Sin embargo, la tentativa del pensador alemán
invitaba a volver de nuevo al ser, con cuidado de trazar
un camino científico que nos permitiese profundizar
en su verdad y en su sentido. Quise partir del legado
moderno de la esencia del ente, y particularmente del
ser humano, pues esta era la vía privilegiada para
poder acometer el acceso al ser. Parecía que solo
desde los remansos y torbellinos de las esencias del
mundo podíamos tratar de remontar con base hasta
las fuentes del ser.

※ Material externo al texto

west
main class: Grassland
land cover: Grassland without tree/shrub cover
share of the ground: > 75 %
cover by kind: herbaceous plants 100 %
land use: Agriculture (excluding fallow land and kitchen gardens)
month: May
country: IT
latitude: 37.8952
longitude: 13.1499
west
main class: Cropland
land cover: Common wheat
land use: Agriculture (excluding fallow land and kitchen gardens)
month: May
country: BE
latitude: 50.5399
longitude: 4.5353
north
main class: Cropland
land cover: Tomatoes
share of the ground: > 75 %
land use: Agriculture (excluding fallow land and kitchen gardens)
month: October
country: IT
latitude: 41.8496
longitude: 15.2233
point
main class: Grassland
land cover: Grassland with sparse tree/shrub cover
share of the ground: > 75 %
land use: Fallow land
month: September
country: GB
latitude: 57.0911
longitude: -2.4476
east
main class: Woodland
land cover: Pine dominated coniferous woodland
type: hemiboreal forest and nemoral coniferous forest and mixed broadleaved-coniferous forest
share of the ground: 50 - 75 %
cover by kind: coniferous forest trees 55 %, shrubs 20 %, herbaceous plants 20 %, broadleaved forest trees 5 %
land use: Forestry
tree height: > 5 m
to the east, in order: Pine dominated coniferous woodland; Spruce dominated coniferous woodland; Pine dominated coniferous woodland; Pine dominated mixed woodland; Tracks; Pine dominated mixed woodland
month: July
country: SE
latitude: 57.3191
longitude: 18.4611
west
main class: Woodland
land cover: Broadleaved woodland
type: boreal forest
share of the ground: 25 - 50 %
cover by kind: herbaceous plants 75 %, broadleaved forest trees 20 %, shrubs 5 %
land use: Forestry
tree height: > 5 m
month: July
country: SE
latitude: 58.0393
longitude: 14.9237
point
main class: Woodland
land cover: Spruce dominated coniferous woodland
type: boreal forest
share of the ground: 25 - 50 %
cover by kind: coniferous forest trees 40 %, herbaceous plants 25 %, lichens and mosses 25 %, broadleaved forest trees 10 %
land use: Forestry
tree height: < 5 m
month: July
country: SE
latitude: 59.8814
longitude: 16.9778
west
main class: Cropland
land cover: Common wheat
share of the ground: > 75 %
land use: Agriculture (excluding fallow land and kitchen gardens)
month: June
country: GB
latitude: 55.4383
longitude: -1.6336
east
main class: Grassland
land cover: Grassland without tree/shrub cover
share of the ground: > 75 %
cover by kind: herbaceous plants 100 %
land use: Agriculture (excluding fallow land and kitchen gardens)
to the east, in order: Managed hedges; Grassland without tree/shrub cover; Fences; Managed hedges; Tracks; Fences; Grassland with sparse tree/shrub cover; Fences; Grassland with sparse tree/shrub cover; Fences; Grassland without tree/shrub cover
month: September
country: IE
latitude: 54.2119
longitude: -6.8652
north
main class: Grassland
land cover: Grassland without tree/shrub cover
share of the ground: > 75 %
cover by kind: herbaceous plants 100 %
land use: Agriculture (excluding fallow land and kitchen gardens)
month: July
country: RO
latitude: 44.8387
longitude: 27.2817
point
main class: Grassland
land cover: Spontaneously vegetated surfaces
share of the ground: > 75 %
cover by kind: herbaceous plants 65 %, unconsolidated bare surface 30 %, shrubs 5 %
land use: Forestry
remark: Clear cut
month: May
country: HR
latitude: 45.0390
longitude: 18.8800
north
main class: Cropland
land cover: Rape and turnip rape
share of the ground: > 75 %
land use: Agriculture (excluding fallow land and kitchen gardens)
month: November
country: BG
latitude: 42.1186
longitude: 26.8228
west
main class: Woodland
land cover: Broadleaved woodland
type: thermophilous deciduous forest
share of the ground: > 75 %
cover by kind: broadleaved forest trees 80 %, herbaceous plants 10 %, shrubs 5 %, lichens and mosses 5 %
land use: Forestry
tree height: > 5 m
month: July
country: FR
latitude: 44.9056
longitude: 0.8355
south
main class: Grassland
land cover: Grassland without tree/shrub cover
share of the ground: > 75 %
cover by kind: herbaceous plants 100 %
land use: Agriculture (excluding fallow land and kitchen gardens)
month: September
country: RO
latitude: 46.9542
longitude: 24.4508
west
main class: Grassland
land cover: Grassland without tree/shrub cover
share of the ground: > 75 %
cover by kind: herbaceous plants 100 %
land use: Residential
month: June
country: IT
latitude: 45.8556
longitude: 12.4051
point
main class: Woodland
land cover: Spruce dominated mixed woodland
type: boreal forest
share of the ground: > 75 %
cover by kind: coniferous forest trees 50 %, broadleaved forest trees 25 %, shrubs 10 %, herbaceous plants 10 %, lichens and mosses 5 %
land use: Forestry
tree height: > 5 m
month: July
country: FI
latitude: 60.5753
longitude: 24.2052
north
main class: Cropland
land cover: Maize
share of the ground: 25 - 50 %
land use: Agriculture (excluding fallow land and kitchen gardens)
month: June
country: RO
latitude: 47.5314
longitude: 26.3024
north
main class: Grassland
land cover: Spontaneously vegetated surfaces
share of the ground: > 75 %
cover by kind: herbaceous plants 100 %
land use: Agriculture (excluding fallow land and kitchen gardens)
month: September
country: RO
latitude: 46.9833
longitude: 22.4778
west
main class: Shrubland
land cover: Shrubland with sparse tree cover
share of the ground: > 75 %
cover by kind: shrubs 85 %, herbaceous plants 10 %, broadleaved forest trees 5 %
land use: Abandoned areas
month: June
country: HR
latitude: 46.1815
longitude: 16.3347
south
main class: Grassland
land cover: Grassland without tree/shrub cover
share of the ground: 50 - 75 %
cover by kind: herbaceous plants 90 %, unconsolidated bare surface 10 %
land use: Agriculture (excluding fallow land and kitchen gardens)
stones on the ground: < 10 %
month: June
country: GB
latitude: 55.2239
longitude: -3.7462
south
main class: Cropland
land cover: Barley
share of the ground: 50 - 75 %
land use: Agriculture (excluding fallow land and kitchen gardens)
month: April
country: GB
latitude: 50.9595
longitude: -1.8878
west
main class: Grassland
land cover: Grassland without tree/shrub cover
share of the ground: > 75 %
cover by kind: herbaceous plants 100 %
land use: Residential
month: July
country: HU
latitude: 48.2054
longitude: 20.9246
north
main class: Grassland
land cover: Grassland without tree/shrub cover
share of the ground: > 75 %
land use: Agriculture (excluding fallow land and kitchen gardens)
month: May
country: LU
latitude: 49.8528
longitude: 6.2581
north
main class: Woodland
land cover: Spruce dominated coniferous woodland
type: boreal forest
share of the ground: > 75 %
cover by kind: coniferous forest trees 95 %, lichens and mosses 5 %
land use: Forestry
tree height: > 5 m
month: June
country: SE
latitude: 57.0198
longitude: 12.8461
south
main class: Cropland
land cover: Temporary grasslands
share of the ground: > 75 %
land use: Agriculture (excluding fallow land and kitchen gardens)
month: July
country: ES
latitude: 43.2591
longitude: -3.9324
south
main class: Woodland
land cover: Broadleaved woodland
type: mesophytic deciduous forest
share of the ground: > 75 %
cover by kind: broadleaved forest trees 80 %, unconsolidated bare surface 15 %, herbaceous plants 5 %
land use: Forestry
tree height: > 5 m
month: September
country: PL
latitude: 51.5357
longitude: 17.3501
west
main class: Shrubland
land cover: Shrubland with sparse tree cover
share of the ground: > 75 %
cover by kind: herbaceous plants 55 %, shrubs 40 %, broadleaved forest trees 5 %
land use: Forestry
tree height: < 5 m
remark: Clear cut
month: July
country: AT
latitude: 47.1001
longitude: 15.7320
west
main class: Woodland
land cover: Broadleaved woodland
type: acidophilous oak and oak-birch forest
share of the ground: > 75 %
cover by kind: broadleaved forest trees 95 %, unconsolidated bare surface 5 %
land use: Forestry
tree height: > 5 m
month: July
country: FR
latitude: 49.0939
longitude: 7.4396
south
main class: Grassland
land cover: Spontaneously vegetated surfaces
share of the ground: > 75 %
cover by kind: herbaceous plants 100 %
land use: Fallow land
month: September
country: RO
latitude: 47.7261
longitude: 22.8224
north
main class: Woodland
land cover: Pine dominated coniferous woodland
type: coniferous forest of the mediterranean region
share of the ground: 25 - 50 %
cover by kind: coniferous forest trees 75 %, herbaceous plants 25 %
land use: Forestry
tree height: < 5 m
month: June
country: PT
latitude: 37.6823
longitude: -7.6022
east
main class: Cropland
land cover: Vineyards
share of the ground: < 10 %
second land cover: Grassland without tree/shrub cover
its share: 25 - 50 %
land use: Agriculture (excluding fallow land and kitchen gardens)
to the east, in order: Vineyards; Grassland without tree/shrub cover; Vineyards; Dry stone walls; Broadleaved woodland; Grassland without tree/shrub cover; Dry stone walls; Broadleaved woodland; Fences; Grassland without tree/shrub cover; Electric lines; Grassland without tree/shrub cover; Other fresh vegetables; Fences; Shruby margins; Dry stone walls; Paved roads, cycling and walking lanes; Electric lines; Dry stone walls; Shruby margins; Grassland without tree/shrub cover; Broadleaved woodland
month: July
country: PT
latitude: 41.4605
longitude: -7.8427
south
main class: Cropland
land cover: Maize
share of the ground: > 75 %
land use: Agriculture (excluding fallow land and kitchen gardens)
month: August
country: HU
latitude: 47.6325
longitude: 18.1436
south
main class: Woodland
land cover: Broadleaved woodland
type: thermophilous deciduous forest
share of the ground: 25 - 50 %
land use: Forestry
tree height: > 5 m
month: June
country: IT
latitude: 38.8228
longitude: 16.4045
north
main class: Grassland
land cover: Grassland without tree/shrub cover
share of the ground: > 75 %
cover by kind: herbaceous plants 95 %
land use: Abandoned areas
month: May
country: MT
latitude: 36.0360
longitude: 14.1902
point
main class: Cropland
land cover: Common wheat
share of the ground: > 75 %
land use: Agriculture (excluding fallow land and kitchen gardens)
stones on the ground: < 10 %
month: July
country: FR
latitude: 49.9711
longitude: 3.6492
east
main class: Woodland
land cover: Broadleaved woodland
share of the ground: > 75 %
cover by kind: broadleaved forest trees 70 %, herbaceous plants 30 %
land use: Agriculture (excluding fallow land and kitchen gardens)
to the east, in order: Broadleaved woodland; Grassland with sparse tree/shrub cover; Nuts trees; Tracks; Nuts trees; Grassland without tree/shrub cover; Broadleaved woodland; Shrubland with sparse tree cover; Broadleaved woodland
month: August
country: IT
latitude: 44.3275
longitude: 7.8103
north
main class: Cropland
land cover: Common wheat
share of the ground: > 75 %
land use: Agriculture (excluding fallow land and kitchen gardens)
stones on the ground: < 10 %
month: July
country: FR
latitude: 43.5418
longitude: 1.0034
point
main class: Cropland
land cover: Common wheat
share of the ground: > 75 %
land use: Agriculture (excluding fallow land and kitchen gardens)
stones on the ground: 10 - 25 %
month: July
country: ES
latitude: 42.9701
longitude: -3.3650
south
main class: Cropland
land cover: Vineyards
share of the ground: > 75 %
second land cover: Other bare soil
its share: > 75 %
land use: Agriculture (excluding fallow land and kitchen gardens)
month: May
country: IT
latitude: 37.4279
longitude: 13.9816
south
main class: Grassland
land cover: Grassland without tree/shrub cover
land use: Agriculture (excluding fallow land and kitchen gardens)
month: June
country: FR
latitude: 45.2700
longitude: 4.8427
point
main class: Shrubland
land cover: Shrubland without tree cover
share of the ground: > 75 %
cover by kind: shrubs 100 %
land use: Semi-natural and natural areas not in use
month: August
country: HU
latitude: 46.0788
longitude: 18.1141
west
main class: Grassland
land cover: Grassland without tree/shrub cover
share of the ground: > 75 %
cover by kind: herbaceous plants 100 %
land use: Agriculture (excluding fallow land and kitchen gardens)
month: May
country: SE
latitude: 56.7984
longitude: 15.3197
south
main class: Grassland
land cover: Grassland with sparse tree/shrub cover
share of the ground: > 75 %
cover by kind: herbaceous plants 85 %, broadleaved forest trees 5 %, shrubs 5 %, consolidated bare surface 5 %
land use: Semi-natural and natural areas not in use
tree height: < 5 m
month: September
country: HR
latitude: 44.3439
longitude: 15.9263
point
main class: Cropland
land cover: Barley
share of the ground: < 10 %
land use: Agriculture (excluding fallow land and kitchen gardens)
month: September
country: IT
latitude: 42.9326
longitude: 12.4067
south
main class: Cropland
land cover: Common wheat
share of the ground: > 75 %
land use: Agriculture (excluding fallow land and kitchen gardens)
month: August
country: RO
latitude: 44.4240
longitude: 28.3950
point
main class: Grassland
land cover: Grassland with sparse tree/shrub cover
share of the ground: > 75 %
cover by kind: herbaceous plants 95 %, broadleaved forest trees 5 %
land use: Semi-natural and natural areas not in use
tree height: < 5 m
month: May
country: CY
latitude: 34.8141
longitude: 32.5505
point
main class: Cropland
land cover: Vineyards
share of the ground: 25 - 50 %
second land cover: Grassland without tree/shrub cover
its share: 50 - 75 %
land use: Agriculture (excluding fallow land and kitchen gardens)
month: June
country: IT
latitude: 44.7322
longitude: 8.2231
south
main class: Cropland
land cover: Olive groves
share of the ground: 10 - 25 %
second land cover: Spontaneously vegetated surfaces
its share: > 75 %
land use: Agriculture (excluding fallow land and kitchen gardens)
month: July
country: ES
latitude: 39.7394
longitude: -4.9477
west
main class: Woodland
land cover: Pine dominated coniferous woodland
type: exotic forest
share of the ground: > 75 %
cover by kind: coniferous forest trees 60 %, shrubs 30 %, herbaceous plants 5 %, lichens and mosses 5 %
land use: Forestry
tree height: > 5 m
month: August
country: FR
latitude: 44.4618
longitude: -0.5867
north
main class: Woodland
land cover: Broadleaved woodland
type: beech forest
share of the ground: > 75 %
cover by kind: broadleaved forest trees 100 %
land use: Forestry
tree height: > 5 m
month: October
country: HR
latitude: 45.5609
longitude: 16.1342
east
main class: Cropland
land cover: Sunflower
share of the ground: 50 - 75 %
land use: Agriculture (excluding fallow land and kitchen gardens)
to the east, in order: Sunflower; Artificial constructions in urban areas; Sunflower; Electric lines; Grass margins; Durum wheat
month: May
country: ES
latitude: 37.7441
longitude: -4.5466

Después de un encendido debate
metodológico, que debía pasar la prueba del abismo
de la finitud y la herida del ente, afrontamos la
cuestión clave del acceso al ser, y más en concreto, al
ser personal como aquel ente que somos cada uno de
nosotros. El quehacer metafísico, más allá del
lenguaje filosófico específico, se nos presenta como la
tarea crucial de regresar a los orígenes del ente, en
una hora ciertamente delicada y en cierta medida
decisiva para el ser humano y su existencia en el
mundo.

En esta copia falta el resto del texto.